Денис сказал, что в глубине души до сих пор винит себя в случившемся. Но…разве в том, что случилось, была его вина? Разве он не постарался бы помочь любимой девушке, взять всю ответственность за ребенка на себя, рассеять страхи родного человека, если бы только знал правду? Если бы только она пожелала довериться ему? Вся проблема состояла в том, что эта девушка не посчитала нужным открыться, открыть то, что её тревожило. Она приняла решение самостоятельно.

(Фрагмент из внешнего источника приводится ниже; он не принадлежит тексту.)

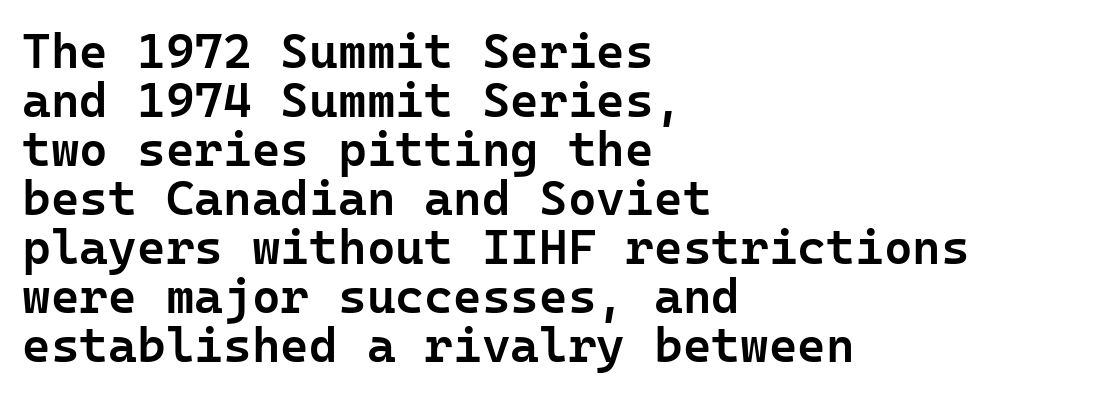
The image shows 49 px semibold sans-serif type, upright; set left-aligned, tight line spacing (1.0x), normal letter spacing, not underlined; low stroke contrast and a medium x-height.
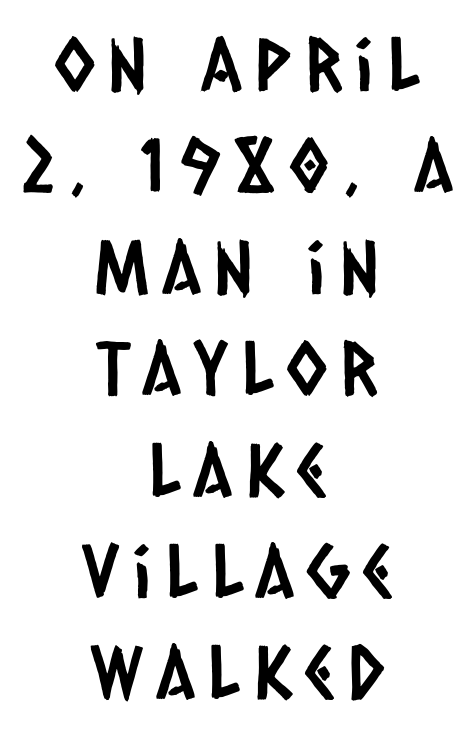
The image shows 74 px condensed sans-serif type; set centered, normal line spacing (1.37x), not underlined; low stroke contrast and a large x-height.
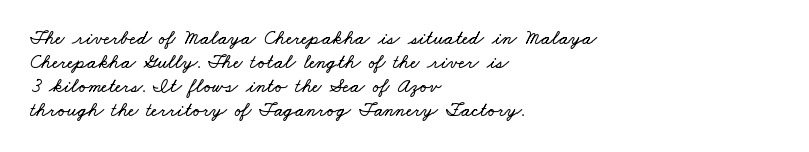
Has an underline been added? It has not. The compositor pushed each line to the left boundary. No extra tracking has been applied to these lines.
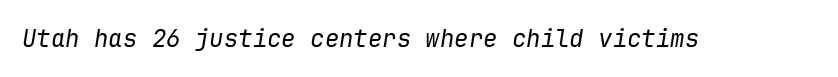
{"italic": "yes", "lean": "right", "slant_degrees": 9, "bold": "no", "underline": "no", "letter_spacing": "normal", "letter_spacing_em": 0.0, "glyph_px": 24}
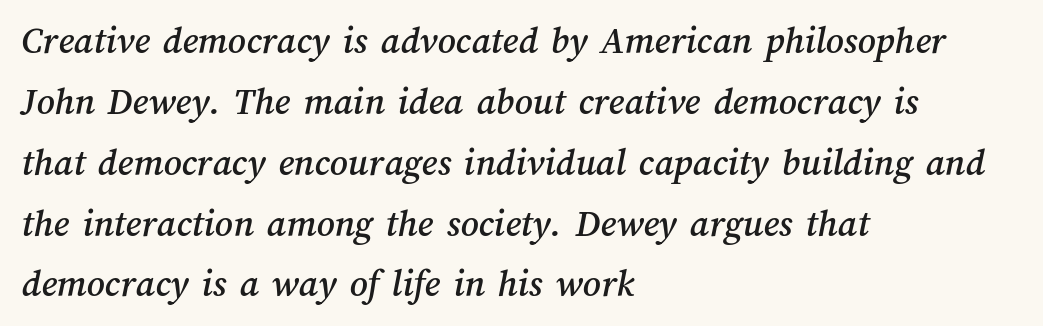
Q: Is the text underlined? A: No.
Q: How is the paragraph aligned? A: Left-aligned.
Q: Is the spacing between letters normal or unusually wide? A: Normal.
Q: Is the spacing between lines tight, normal or loose? A: Normal.
Q: Width (condensed, normal, or wide)? A: Normal.
Q: Stroke contrast? A: Medium.
Q: x-height? A: Medium.
Q: Monospaced? A: No.
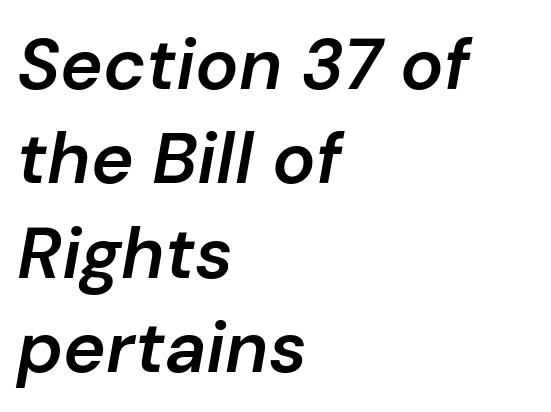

Могла бы я попытаться понять её? Представить, что ты, учась в десятом классе, вдруг узнала о нежелательной беременности? Конечно же, реакцию родных вообразить несложно — все бы всполошились, невольно стали бы смотреть на тебя разочарованными глазами, воспринимая, как позор семьи, как лишний, выбивавшийся из палитры мазок на безупречной картине. А через полгода, когда живот стал бы приобретать округлые, нескрываемые формы, знакомые, учителя, одноклассники стали бы обсуждать тебя за спиной, зарождать слухи о "нагуленном" ребенке, о распущенности его матери, ученики из других классов посмеивались бы в сторонке, несмело бросая любопытные взгляды в твою сторону, рассказывая своим родителям после уроков о девочке, которая, не стесняясь и не стыдясь, ходит по школе с большим животом, даже не догадываясь, что каждый поход в школу для тебя равен казни. Легко ли пережить это в семнадцать лет? Особенно девушке, которая никогда не разочаровывала окружающих? Слухи, разговоры, вопросы — это неприятно, но пережить можно. Страшнее тот факт, что тебе пришлось бы отказаться от своих желаний, от целей на будущее, отказаться от прежней себя. Смогла бы я пройти через это?